Re: Most optimal method to dump UDP conntrack entries

Pablo Neira Ayuso <pablo@xxxxxxxxxxxxx> · Mon, 11 Nov 2024 13:06:38 +0100

Hi Antonio,

On Thu, Oct 17, 2024 at 11:10:02PM +0100, Antonio Ojea wrote:
> On Thu, 17 Oct 2024 at 17:36, Pablo Neira Ayuso <pablo@xxxxxxxxxxxxx> wrote:
> >
> > On Thu, Oct 17, 2024 at 02:46:32PM +0200, Florian Westphal wrote:
> > > Antonio Ojea <antonio.ojea.garcia@xxxxxxxxx> wrote:
> > > > In the context of Kubernetes, when DNATing entries for UDP Services,
> > > > we need to deal with some edge cases where some UDP entries are left
> > > > orphaned but blackhole the traffic to the new endpoints.
> > > >
> > > > At high level, the scenario is:
> > > > - Client IP_A sends UDP traffic to VirtualIP IP_B --> Kubernetes
> > > > Translates this to Endpoint IP_C
> > > > - Endpoint IP_C is replaced by Endpoint IP_D, but since Client IP_A
> > > > does not stop sending traffic, the conntrack entry IP_A IP_B --> IP_C
> > > > takes precedence and is being renewed, so traffic is not sent to the
> > > > new Endpoint IP_D and is lost.
> > > >
> > > > To solve this problem, we have some heuristics to detect those
> > > > scenarios when the endpoints change and flush the conntrack entries,
> > > > however, since this is event based, if we lost the event that
> > > > triggered the problem or something happens that fails to clean up the
> > > > entry,  the user need to manually flush the entries.

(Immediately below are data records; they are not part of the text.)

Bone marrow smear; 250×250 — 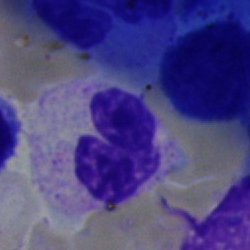 Q: What cell is this?
A: Band-form neutrophil.
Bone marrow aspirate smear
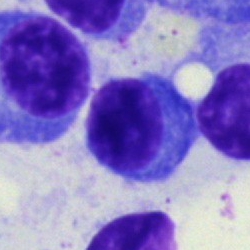

Morphology — plasmacyte.
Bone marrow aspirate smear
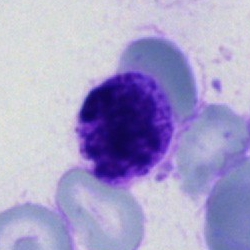

Specimen: bone marrow aspirate smear.
Classification: polymorphonuclear neutrophil.
Lineage: myeloid.
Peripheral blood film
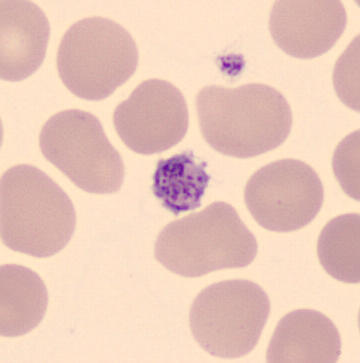

Cell type: platelet.
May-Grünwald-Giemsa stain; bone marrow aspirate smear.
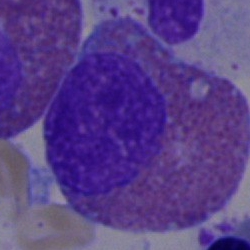
Cell — eosinophil.
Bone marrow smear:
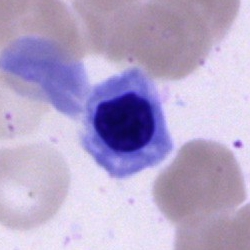Impression → erythroblast.

You can still stick to the event approach, then resort to
resync/reconcile loop when userspace gets a report that events are
getting lost, ie. hybrid approach.

> > > > We are implementing a new approach to solve this, we list all the UDP
> > > > conntrack entries using netlink, compare against the existing
> > > > programmed nftables/iptables rules, and flush the ones we know are
> > > > stale.
> > > >
> > > > During the implementation review, the question [1] this raises is, how
> > > > impactful is it to dump all the conntrack entries each time we program
> > > > the iptables/nftables rules (this can be every 1s on nodes with a lot
> > > > of entries)?
> > > > Is this approach completely safe?
> > > > Should we try to read from procfs instead?
> > >
> > > Walking all conntrack entries in 1s intervals is going to be slow, no
> > > matter the chosen interface.  Even doing the filtering in the kernel to
> > > not dump all entries but only those that match udp/port/ip criteria is
> > > not going to change it.
> 
> We are not worried about being slow in the order of seconds, the
> system is eventually consistent so there can always be a reasonable
> latency.
> Since we only care about UDP, losing packets during that period is not
> desirable but is assumable.
> My main concern is if constantly dumping all the entries via netlink
> can cause any issue or increase resources consumption.
>
> > >
> > > Also both proc and netlink dumps can miss entries (albeit its rare),
> > > if parallel insertions/deletes happen (which is normal on busy system).
> > >
> 
> That is one of the reasons we want to implement this reconcile loop,
> so it can be resilient to this kind of errors, we keep the state on
> the API in the control plane, so we can always rebuild the state in
> the dataplane (recreating nftables rules and delete conntrack entries
> that does not match the current state)
> 
> > > I wonder why the appropriate delete requests cannot be done when the
> > > mapping is altered, I mean, you must have some code that issues
> > > either iptables -t nat -D ... or nft delete element ... or similar.
> > >
> > > If you do that, why not also fire off the conntrack -D request
> > > afterwards?  Or are these publish/withdraw so frequent that this
> > > doesn't matter compared to poll based approach?
> > >
> > > Something like
> > >    conntrack -D --protonum 17 --orig-dst $vserver --orig-port-dst 53 --reply-src $rserver --reply-port-src 5353
> > >
> > > would zap everything to $rserver mapped to $vserver from client point of view.
> >
> 
> This is how it is implemented today and it works, but it does not
> handle process restarts per example, or is not resilient to errors.
> The implementation is also much more complex because we need to
> implement all the possible edge cases that can leave stale entries

It should also be possible to shrink timeouts on restart via conntrack -U
which would be similar to the approach that Florian is proposing, but from
control plane rather than updating existing UDP timeout policy.